He doesn’t look at the kid, but his hearing is keen under usual circumstances, and right now it is focused entirely on the kid and the kid’s friend’s murmured conversation.
“–didn’t see him before, but he’s gorgeous, Baer. Look at the muscles in his arms, yum!”
Excellent. The friend has spotted him, and has brought the kid’s – Baer’s? Hippies for parents, or more likely a nickname – attention to him.
Len risks the barest glance out of the corner of his eye, ghosting over the kid’s face as he tucks the pen back into his pocket, then pulls out his wallet and slides the bartender a crisp ten-dollar bill. There is heat rising in the kid’s face as his friend mentions Len’s arms. A blush. Len didn’t think anyone still blushed in this city; an answering heat pools in his stomach and shoots straight to his cock as he wonders how far down that blush extends.

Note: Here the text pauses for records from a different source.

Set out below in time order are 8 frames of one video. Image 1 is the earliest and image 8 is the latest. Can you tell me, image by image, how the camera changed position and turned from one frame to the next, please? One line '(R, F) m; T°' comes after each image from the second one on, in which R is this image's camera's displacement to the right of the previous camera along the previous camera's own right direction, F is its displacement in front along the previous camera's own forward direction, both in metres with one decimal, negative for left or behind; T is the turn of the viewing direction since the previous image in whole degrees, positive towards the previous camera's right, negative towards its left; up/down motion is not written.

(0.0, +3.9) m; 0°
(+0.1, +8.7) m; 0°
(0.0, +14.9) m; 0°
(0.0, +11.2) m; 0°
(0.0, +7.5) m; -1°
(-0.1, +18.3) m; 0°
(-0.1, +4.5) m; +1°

“Iris, come on, he’s – I mean, there’s no way he’d look twice at someone like me.” The kid smiles, that wry smile that first caught Len’s attention, and glances down at his hands as he fiddles with his nearly empty beer.

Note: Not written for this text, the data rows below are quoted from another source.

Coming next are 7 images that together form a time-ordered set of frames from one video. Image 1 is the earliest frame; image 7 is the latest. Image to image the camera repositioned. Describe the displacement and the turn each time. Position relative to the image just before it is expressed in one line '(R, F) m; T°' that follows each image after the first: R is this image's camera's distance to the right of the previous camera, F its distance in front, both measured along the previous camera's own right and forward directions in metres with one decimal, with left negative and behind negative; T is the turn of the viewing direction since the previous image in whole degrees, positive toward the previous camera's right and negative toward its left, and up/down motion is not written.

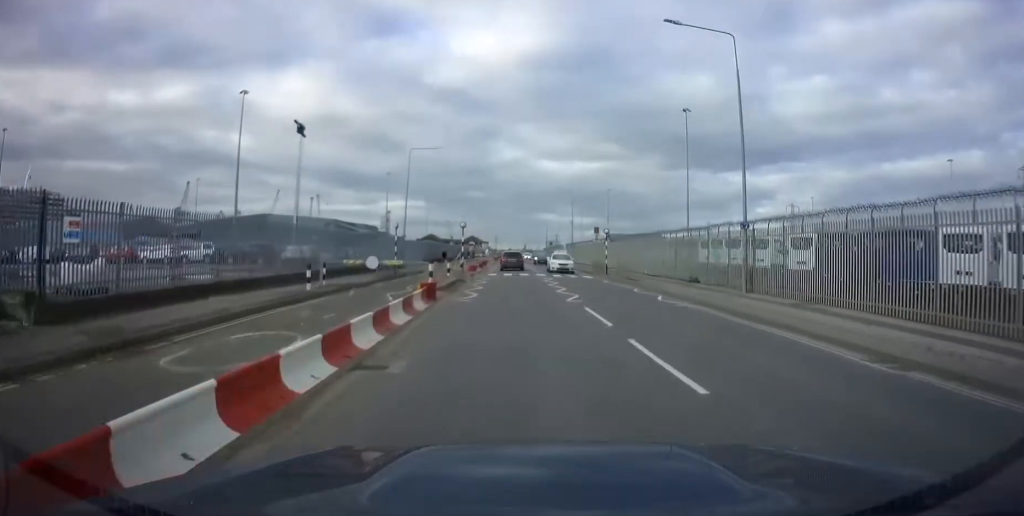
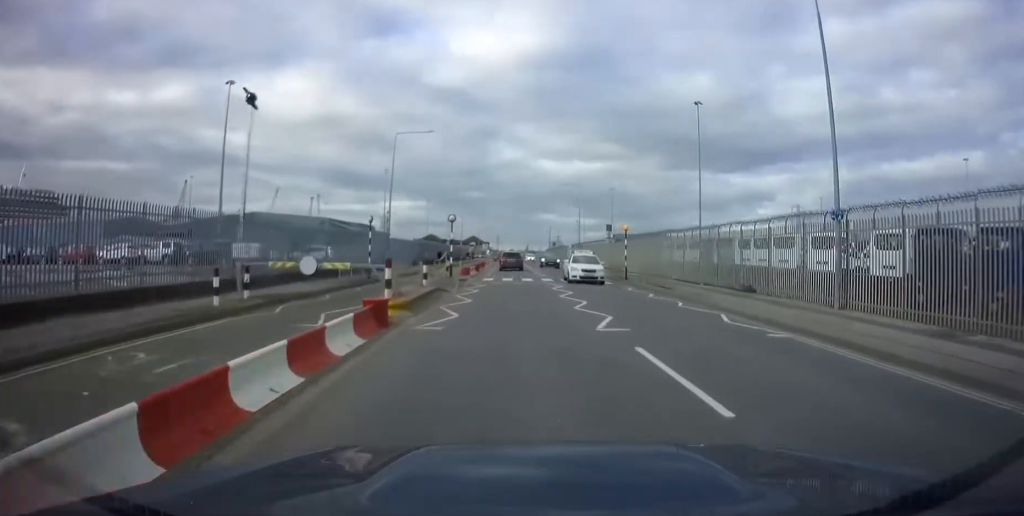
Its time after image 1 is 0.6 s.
(-0.1, +7.4) m; +1°
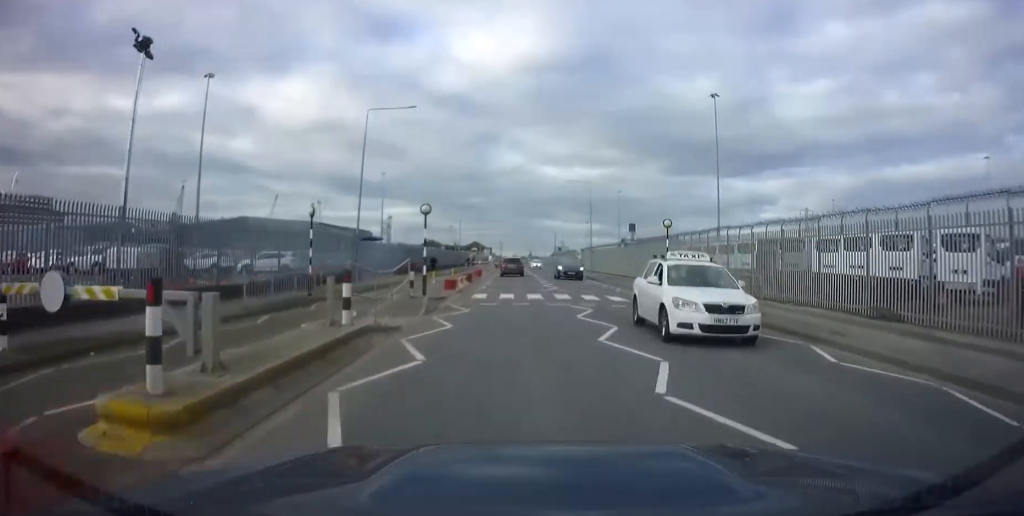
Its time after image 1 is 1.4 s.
(+0.4, +8.9) m; -1°
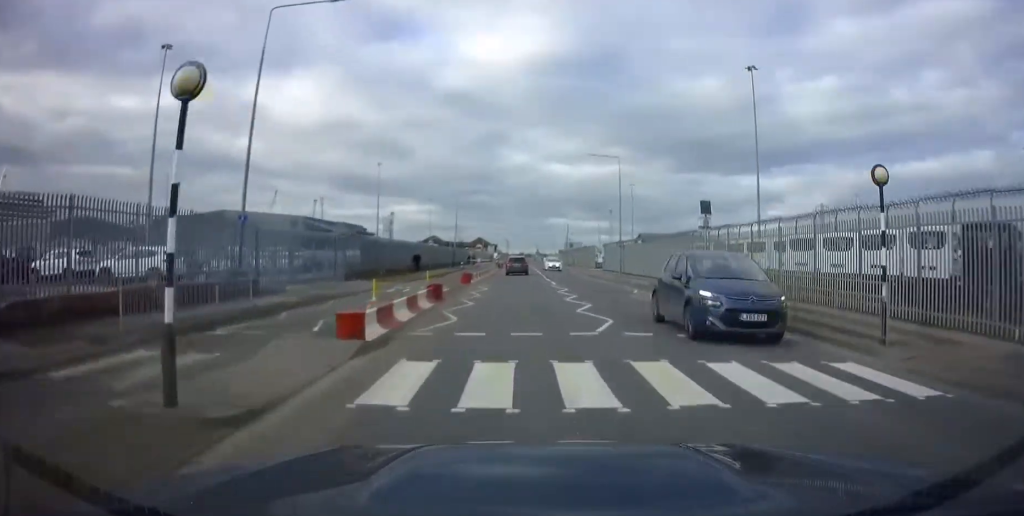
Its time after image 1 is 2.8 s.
(-0.7, +15.6) m; -2°
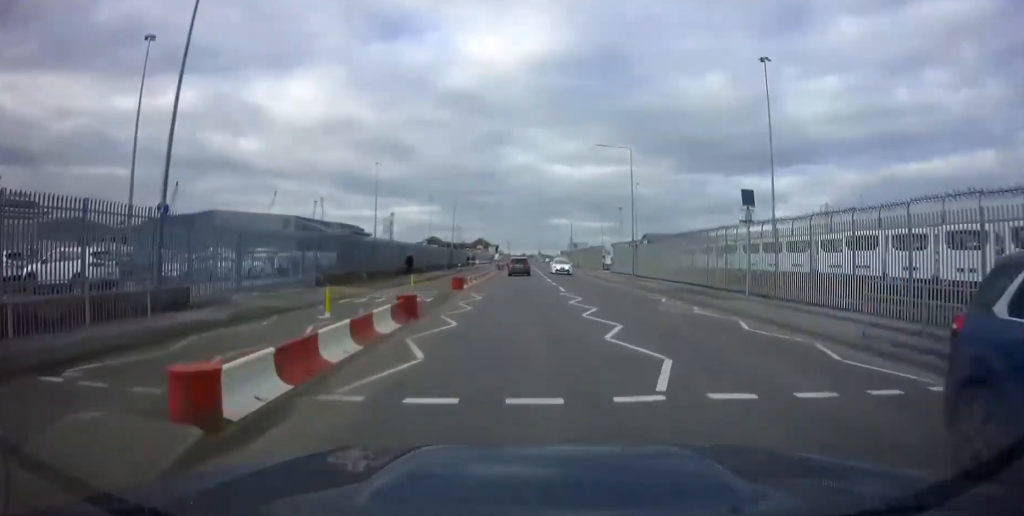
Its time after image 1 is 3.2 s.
(+0.1, +5.0) m; +1°
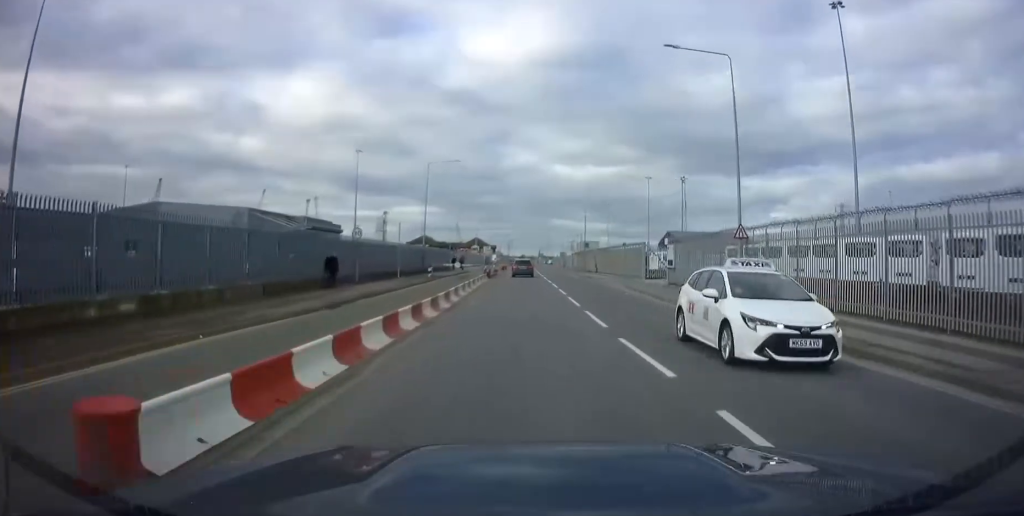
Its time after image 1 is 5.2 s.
(+0.2, +23.0) m; 0°
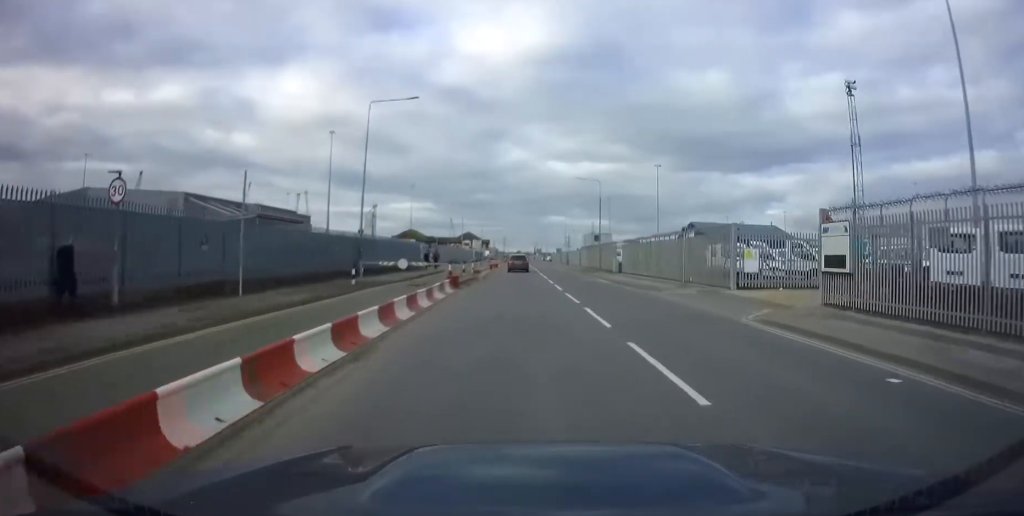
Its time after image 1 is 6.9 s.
(-0.1, +20.3) m; 0°

“Don’t you take that tone of voice with me, Barry,” the friend, Iris, replies with a hint of steel in her voice. Barry. The kid’s name is Barry. It suits him. “As I’ve told you before, my friend, you are one of the chosen, of the rare species of adorable nerds, and I don’t think you know just how cute you are when you dial up that blush.”
The comment makes Barry’s already bright face go an even deeper shade, and when the bartender tries to give Leonard his change, Len shakes his head. He nods in Barry’s direction, slides the napkin with his number on it to the bartender instead, and says, “How about you give the kid over there a refill on me.”

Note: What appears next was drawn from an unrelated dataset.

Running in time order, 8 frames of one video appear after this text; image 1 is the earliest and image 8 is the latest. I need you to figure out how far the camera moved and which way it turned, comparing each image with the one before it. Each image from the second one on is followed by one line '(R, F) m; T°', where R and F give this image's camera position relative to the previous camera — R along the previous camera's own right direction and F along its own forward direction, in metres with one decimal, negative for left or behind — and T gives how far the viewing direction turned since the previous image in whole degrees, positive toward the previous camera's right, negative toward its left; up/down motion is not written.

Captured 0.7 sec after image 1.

As the bartender moves to fill the order, Len stops pretending that he’s interested in the beer in hand and directs his full, uninterrupted gaze at Barry: more specifically, at Barry’s neck where he can see the red creeping down past the collar of the kid’s shirt.
Iris is still working on Barry’s self-confidence when the bartender places the fresh beer and marked napkin in front of them. The pair pause, looking in unison first at the beer, then at the napkin. Finally, the kid looks up, and Barry’s curious blue eyes meet Leonard’s direct stare for the very first time. For a moment, the room stops. It’s cliché but Len doesn’t think he’s ever had a moment quite like this one. Everyone else fades away – he can’t see them, can’t hear them, but he couldn’t care less because he can see Barry. He can see Barry’s sharp intake of breath, and way his baby blues darken with a sudden, inexplicable desire. He knows his own eyes, usually too intense for most people to feel fully comfortable, reflect that same desire.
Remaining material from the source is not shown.